FAQ formula detection: Check faq.items for questions matching the pattern "How is [material] laser cleaner used on [material]?" — this formula appears across 142 of 153 pages and indicates template generation, not real user questions.

Schema discovery required: before extracting FAQ text, sniff list(items[0].keys()). Material pages use title/content; other page types may use question/answer. Hardcoding either key silently returns empty strings on the wrong page type. See skills/YAML_UTILS.md for the canonical multi-key fallback (get_field()).

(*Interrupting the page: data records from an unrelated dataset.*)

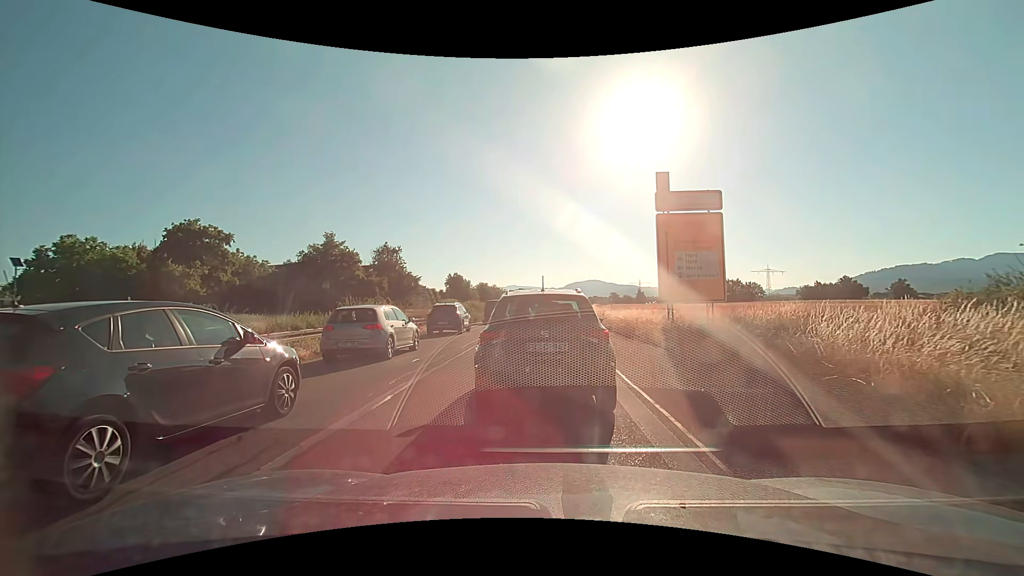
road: trunk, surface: asphalt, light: Day
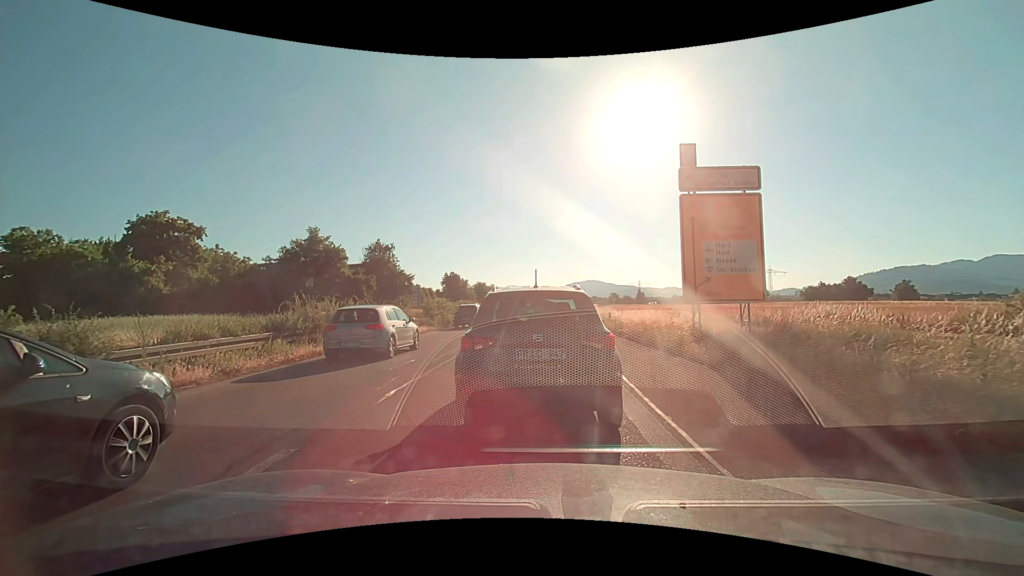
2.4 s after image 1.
(0.0, +3.8) m; -2°
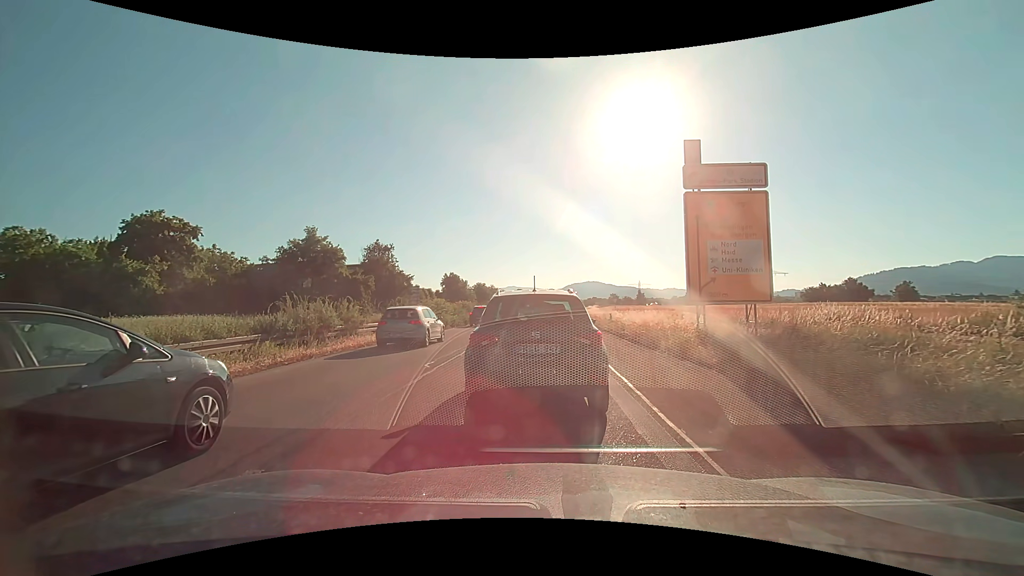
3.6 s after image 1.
(0.0, +0.5) m; 0°
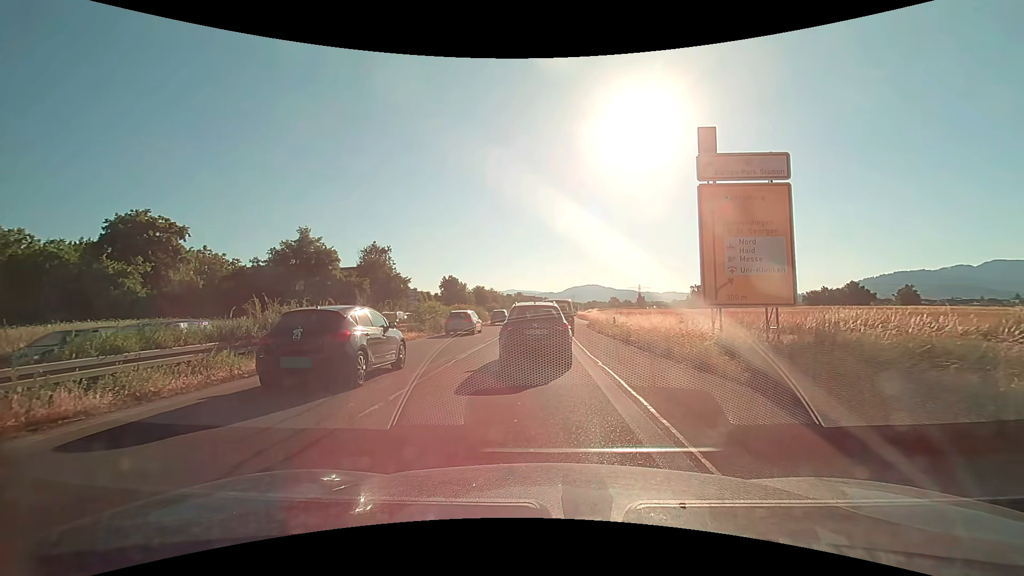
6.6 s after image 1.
(0.0, +1.8) m; +2°
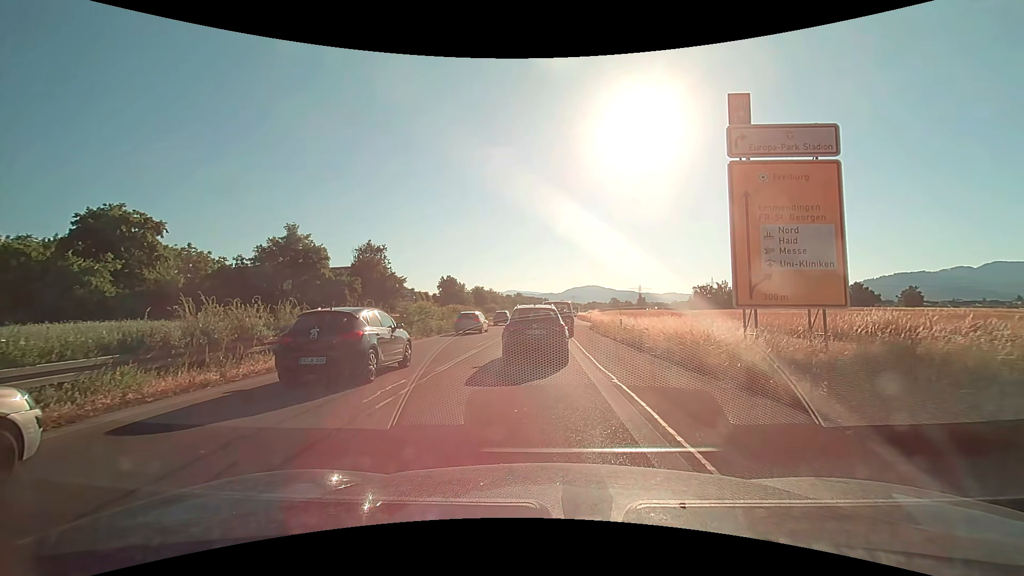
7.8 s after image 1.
(0.0, +2.9) m; 0°
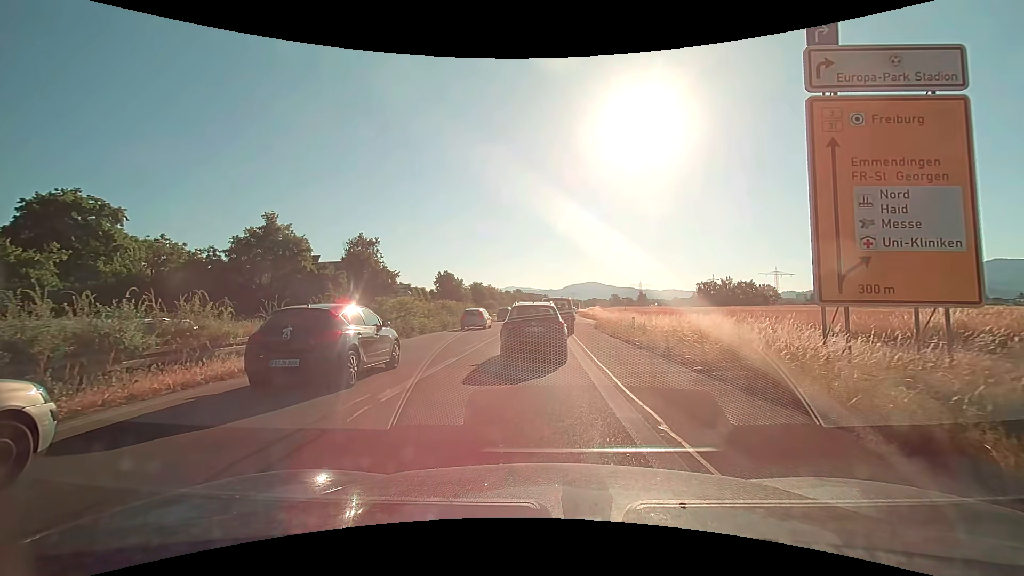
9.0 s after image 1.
(0.0, +4.1) m; -1°
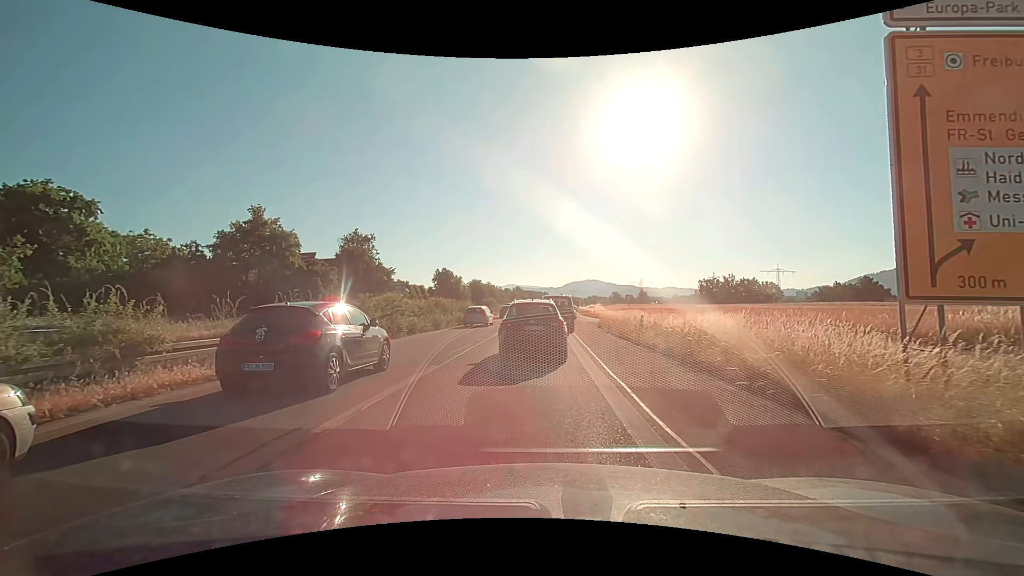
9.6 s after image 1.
(0.0, +2.2) m; 0°
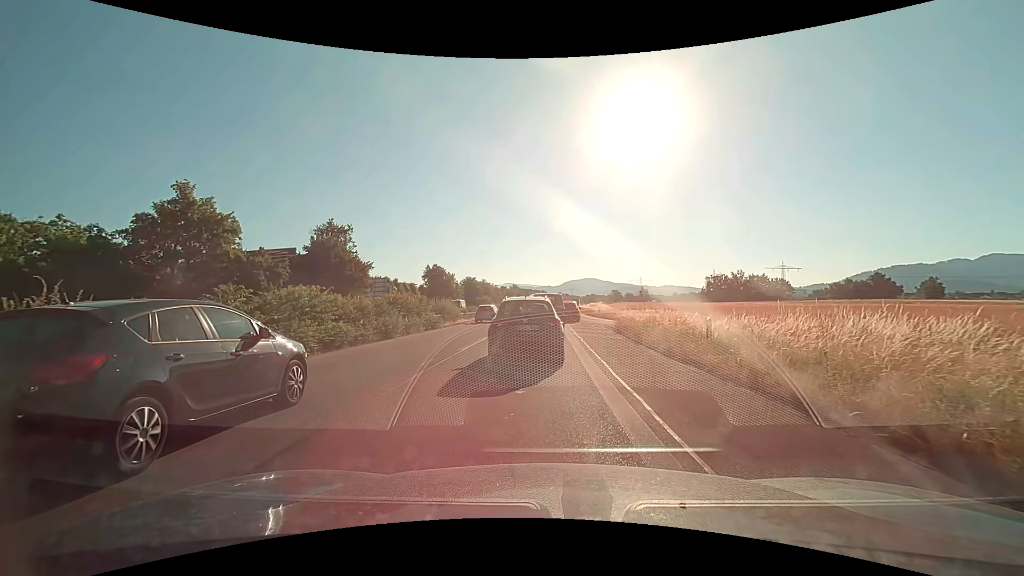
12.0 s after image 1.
(0.0, +9.0) m; +1°

pageDescription thinness (blocking quality flag): Read pageDescription (top-level). Flag as critical if it is under 60 words or contains no quantitative data (no measurements, regulatory thresholds, or sourced findings). A thin pageDescription is a Dim 4 FAIL at validation. In the thinnessSummary, add thinPageDescription count.

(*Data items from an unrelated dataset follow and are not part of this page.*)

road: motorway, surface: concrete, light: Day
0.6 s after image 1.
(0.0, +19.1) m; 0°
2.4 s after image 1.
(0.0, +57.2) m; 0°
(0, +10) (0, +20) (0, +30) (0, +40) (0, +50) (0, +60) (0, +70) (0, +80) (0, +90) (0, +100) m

Also flag any page that still has a top-level aiSummary key — this is a legacy field that should be migrated to pageDescription (top-level) and removed.

Section word-count uniformity (machine-authorship signal):

python3 -c "
import yaml, statistics, sys
data = yaml.safe_load(open(sys.argv[1]))
text = yaml.dump(data)
import re
# Extract sectionDescription and description values
fields = re.findall(r'(?:sectionDescription|description):\s*[>|]?-?\s*\n((?:[ \t]+.+\n?)+)', open(sys.argv[1]).read())
counts = [len(f.split()) for f in fields if len(f.split()) > 5]
if len(counts) >= 4:
    sd = statistics.stdev(counts)
    print(f'Field std dev: {sd:.1f} words across {len(counts)} fields')
    if sd < 30:
        print('⚠️  UNIFORM — machine-authorship signal')
" [path]

Flag pages with std dev < 30 words across 4+ description/sectionDescription fields as uniformLengths: true in the remediation map entry.

For application pages — thinness score

Count sentences in all prose fields containing:

Specific measurements with units (J/cm², nm, ns, Ra, μg/m³)
Regulatory rule numbers (BAAQMD Rule X, Cal/OSHA Title 8 Section X)
Standard designations (SSPC-SP X, NACE No. X, AWS D1.X)

Flag sections with zero quantitative specifics as thin.

Similarity score — both page types

Run this analysis per category/subcategory group:

Lexical overlap: extract the first sentence of the primary description field (properties.laserMaterialInteraction.description for materials, content.introduction.sectionDescription for applications). Count how many pages in the same subcategory share the same opening 5-word pattern.

Structural uniformity: check faq.items count — 142/153 material pages have exactly 4 items. Flag any subcategory where >80% of pages have identical FAQ counts.

Vocabulary fingerprint: extract the 10 most distinctive non-stopword terms from each page's description fields. Pages in the same subcategory sharing >5 of these 10 terms are flagged as lexically similar.

Step 3: Cross-reference with performance data

Load the most recent file matching data/search-console/weekly-summary-*.json (sort by date, take latest). For each page URL, look up impressions and clicks.

Load the most recent file matching data/ai-search/weekly-*.json (sort by date, take latest) if available. For each query, check whether the page URL appears in citation results.

This produces a priority score combining:

Thinness score (how much improvement is possible)
Performance potential (is anyone searching for this?)
Citation gap (is AI search ignoring this page?)

Priority tiers:

Critical: High GSC impressions OR any AI tracker coverage + thin/generic
High: Medium search potential + thin
Medium: Low search potential + thin (improve once higher-priority pages are done)
Monitor: Adequate content quality — watch for performance decline

Step 4: Category summary

Group pages by category and subcategory. For each group produce:

Average thinness score
Similarity index (0–1, where 1 = all pages identical)
Count of pages needing remediation
Recommended intervention type

This feeds directly into zbeam-category-enricher — categories with the most pages needing remediation and the highest search potential go first.

Output format

Read references/output-schema.md for the full JSON and markdown output schemas. Needed when producing the final audit files.